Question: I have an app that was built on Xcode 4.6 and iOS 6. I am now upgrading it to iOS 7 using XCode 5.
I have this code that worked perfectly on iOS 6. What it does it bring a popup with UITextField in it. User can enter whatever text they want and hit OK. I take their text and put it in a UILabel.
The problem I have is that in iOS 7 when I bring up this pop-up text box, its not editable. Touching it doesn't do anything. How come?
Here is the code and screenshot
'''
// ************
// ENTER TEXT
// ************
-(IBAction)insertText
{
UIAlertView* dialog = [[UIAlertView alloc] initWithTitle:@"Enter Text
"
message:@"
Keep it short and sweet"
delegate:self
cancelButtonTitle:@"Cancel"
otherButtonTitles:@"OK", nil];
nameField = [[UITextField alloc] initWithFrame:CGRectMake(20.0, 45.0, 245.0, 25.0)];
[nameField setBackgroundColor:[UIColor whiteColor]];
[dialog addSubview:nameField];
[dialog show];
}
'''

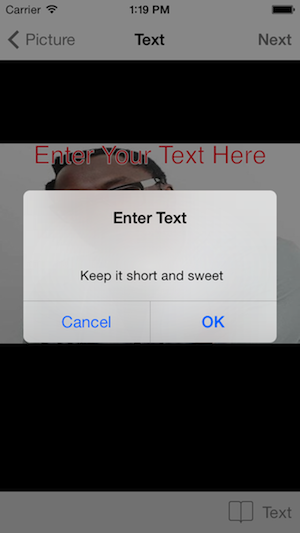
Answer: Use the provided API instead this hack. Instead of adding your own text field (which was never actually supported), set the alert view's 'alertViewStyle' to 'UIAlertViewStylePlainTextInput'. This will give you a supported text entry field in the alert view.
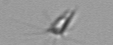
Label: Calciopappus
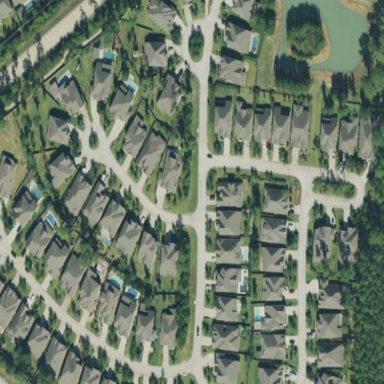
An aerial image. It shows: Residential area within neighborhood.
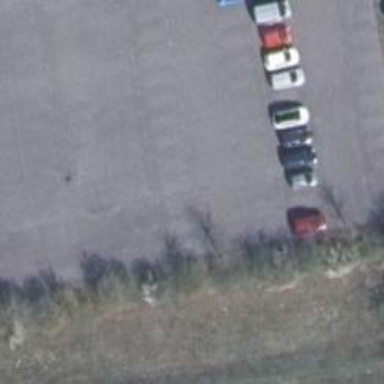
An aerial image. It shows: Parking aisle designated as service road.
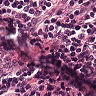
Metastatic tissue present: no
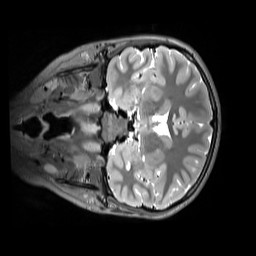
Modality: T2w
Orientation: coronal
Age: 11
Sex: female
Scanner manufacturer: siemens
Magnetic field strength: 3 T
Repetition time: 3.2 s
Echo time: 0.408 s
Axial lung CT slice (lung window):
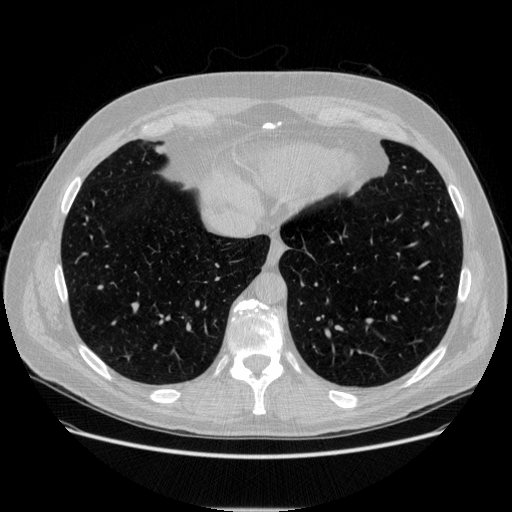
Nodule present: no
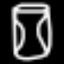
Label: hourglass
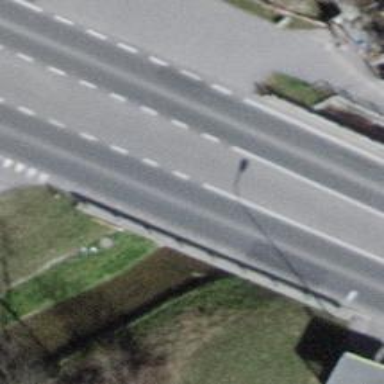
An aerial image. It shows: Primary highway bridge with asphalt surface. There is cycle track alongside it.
------------------------------
• **WHAT TO DO**: No pictures belong in the copy; quote exactly the lines from the line containing "An aerial image. It shows: Residential" through the final line of the material, both ends included.

• **WRITTEN SOLUTION**:
An aerial image. It shows: Residential area within neighborhood.
An aerial image. It shows: Parking aisle designated as service road.
Metastatic tissue present: no
Modality: T2w
Orientation: coronal
Age: 11
Sex: female
Scanner manufacturer: siemens
Magnetic field strength: 3 T
Repetition time: 3.2 s
Echo time: 0.408 s
Axial lung CT slice (lung window):
Nodule present: no
Label: hourglass
An aerial image. It shows: Primary highway bridge with asphalt surface. There is cycle track alongside it.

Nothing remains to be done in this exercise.